5. Em face das conclusões das alegações da recorrente, a única questão a apreciar nos presentes autos é a de saber se os ganhos resultantes da venda, no ano de 1992, de lotes de terreno que a impugnante e seu marido constituíram, devem enquadrar-se no artigo 4º, nº 1 e) ou 10º, nº 1 alínea a), ambos do CIRS.

A decisão recorrida, louvando-se em aresto do STA - Acórdão de 2.7.2003 - Recurso nº 772/03-30 - entendeu que tais rendimentos deveriam enquadrar-se, tal como decidido pela Administração Tributária, no artigo 4º citado.

E isto porque “são considerados rendimentos comerciais e industriais os que podem ser imputados a uma actividade dessa natureza e, nomeadamente, os que provenham de actividades urbanísticas, de exploração de loteamentos e da prestação de serviços conexos, englobando-se neles os provenientes de actos isolados da mesma natureza que não estejam incluídos noutras categorias”.

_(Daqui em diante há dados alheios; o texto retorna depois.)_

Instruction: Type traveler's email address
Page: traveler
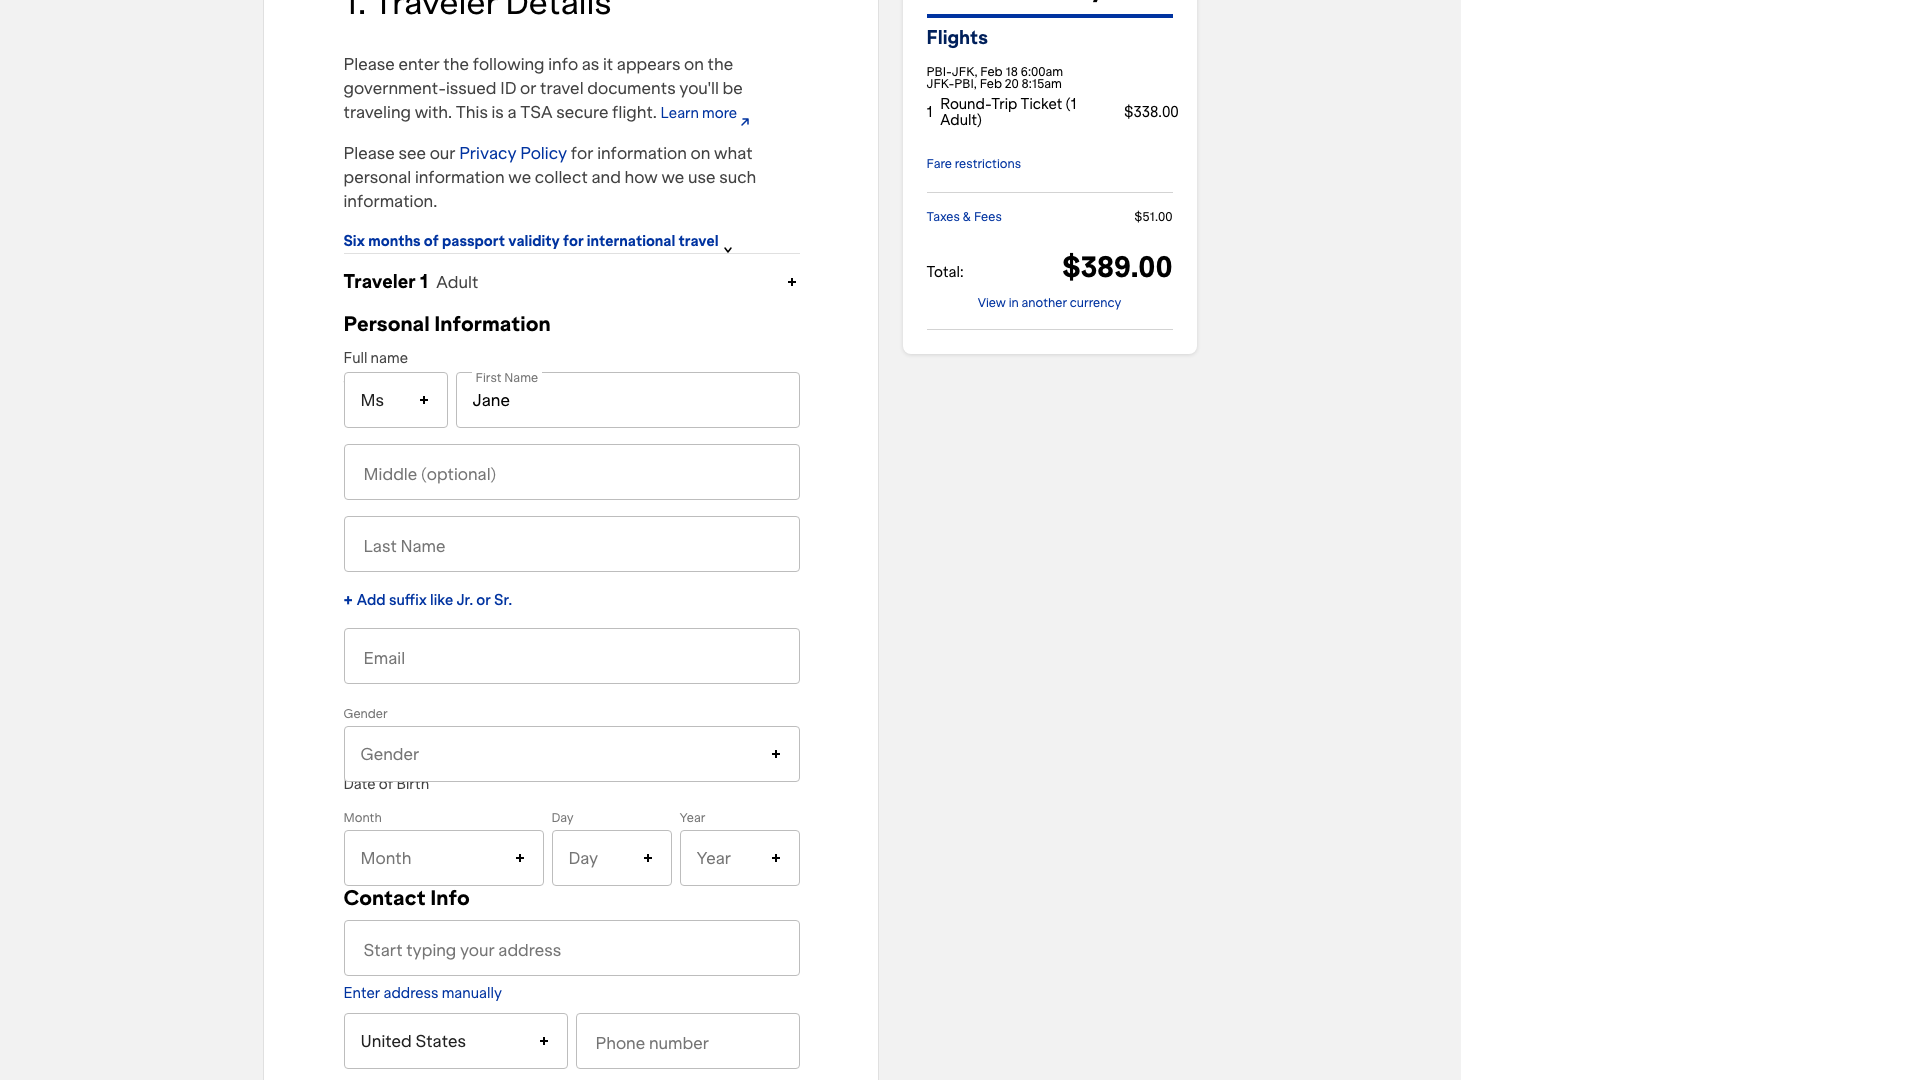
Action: type
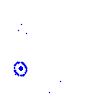
Particle: kaon
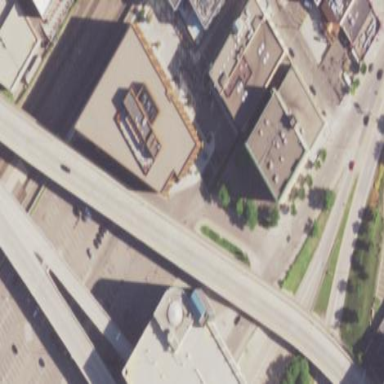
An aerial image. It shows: Office building.
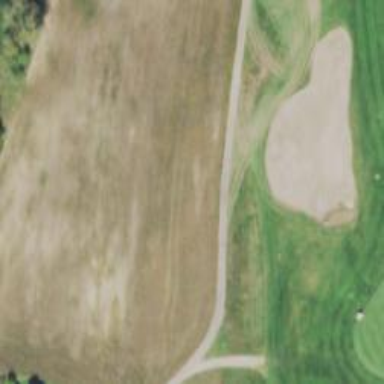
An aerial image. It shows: Footway that doubles as golf path.
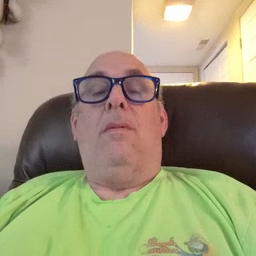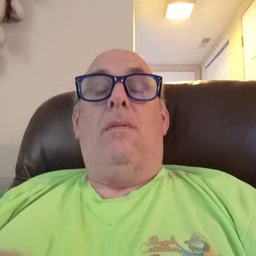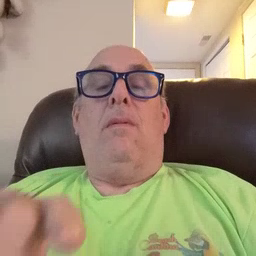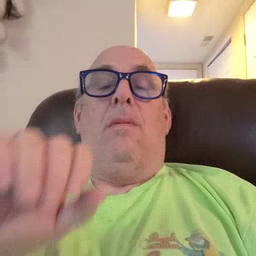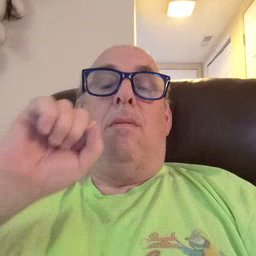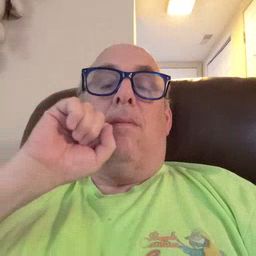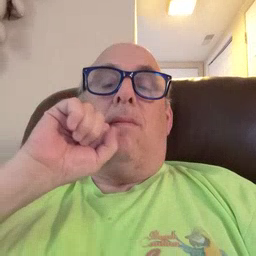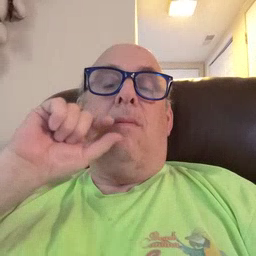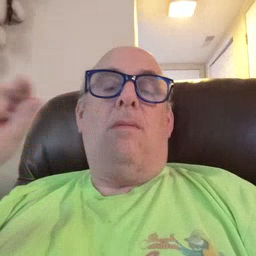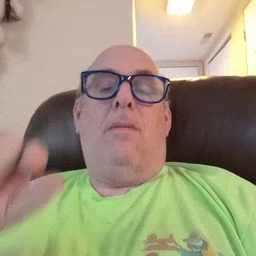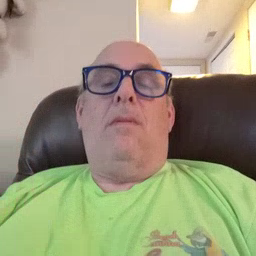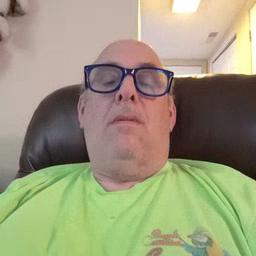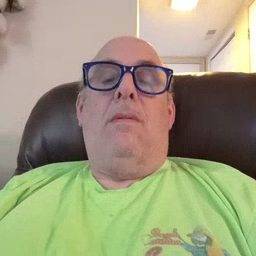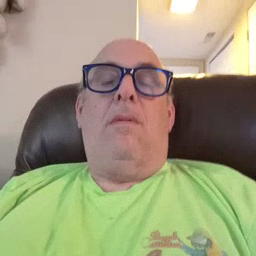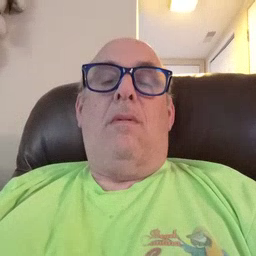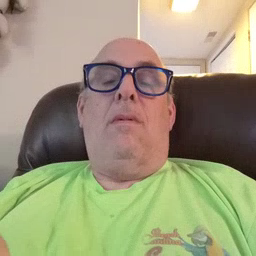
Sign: carrot
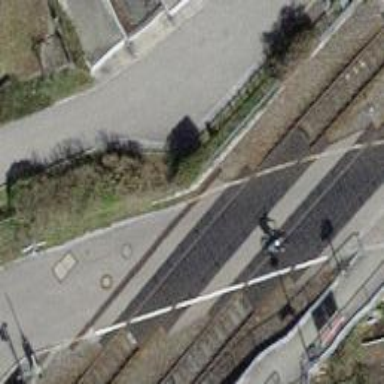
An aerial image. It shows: Level crossing with full barriers and lights.
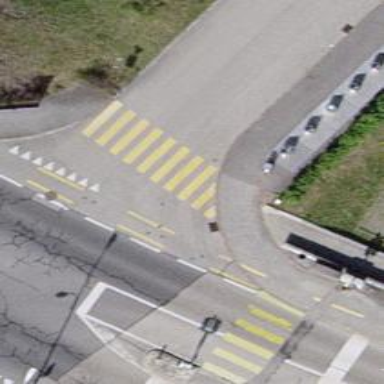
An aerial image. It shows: Uncontrolled zebra crossing on the road.

Não podemos deixar de concordar com este entendimento que tem também sido seguido no Tribunal Central Administrativo.

Com efeito, referiu-se no Acórdão de 20.6.2001 - Recurso nº 4328/2000, que o conceito de comércio para efeitos fiscais é mais amplo do que o conceito jurídico-privado, abarcando toda a actividade, ainda que expressa num único acto, que tenha por fim o lucro.

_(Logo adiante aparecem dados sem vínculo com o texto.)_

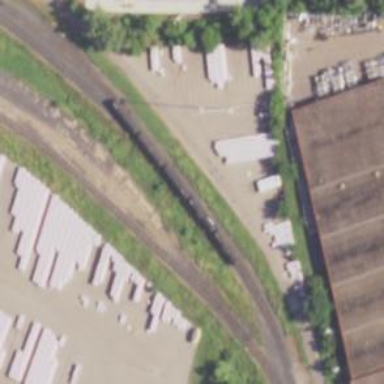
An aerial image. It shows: Railway spur service.
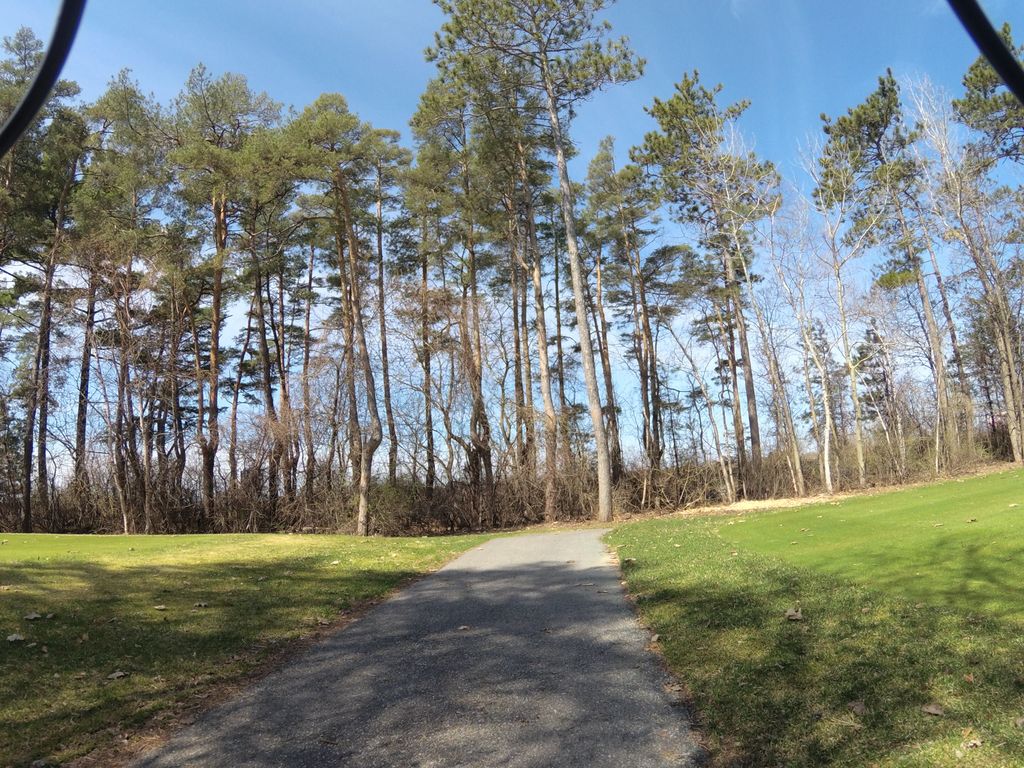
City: ottawa-gatineau
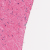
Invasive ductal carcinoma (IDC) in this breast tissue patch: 0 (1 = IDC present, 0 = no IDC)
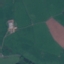
Label: Pasture
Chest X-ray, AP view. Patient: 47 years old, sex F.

Por sua vez, escreveu-se ainda nos Acórdãos do mesmo Tribunal, de 26.11.2002 - Recurso nº 4.048/2000 e de 17.12. - Recurso nº 6.804/2002, o seguinte:” ... é perfeitamente compreensível que o complexo de actos praticados pelo proprietário de um terreno para construção no sentido de proceder ao loteamento de um terreno para construção e à venda dos lotes assim constituídos (designadamente, a realização das infra-estruturas necessárias, a promoção do processo burocrático indispensável à obtenção das licenças requeridas para essa operação e todo o conjunto de diligências necessárias à própria venda dos lotes), com vista à obtenção de lucro, seja qualificada como actividade comercial ou industrial. Na verdade, em toda essa actividade ressalta o seu carácter comercial ou industrial, quer se reporte ao critério económico (ou seja, o de mediação entre a oferta e a procura ou o de incorporação de novas utilidades na matéria, com o objectivo de obtenção de lucros, que parece ser o subjacente ao art. 4.º do CIRS, quer ao critério jurídico (cfr. Teixeira Ribeiro, Boletim da Faculdade de Direito da Universidade de Coimbra, Volume XLI).

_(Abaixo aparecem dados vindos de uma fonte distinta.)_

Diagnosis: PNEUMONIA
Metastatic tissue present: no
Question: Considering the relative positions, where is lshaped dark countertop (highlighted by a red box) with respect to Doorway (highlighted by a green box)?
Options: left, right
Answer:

Parece-nos, na verdade, que, não decorre da lei a exigência de que a actividade seja exercida com carácter habitual, nada obstando a que os lucros resultantes do exercício, ainda que acidental ou esporádico, de actividade de natureza comercial ou industrial sejam integrados na categoria C.

Isso resulta claramente do disposto na alínea h) do n.º 2 do artº 4.º do CIRS ao considerar como rendimentos comerciais e industriais os «provenientes de actos isolados de natureza comercial ou industrial não compreendidos noutras categorias» - e que não permite sustentar que a habitualidade seja requisito necessário para que o exercício de uma determinada actividade de natureza comercial ou industrial seja considerada como tal, para os efeitos do art. 4.º do CIRS.

Já o velho Código da contribuição industrial no seu o artº 1º estabelecia a incidência «sobre os lucros imputáveis ao exercício, [...] embora acidental, de qualquer actividade de natureza comercial ou industrial».

E decorre do corpo do artº 10º, nº 1, do CIRS, que está excluída a possibilidade de constituírem mais-valias os rendimentos comerciais e industriais, o que significa que por força desse preceito os rendimentos da categoria G (mais-valias) para efeitos de tributação em IRS apenas cabem os ganhos inesperados ou fortuitos, aqueles que resultam de valorizações produzidas nos bens independentemente de qualquer esforço ou vontade do respectivo titular, “os ganhos trazidos pelo vento” (windfalls)”.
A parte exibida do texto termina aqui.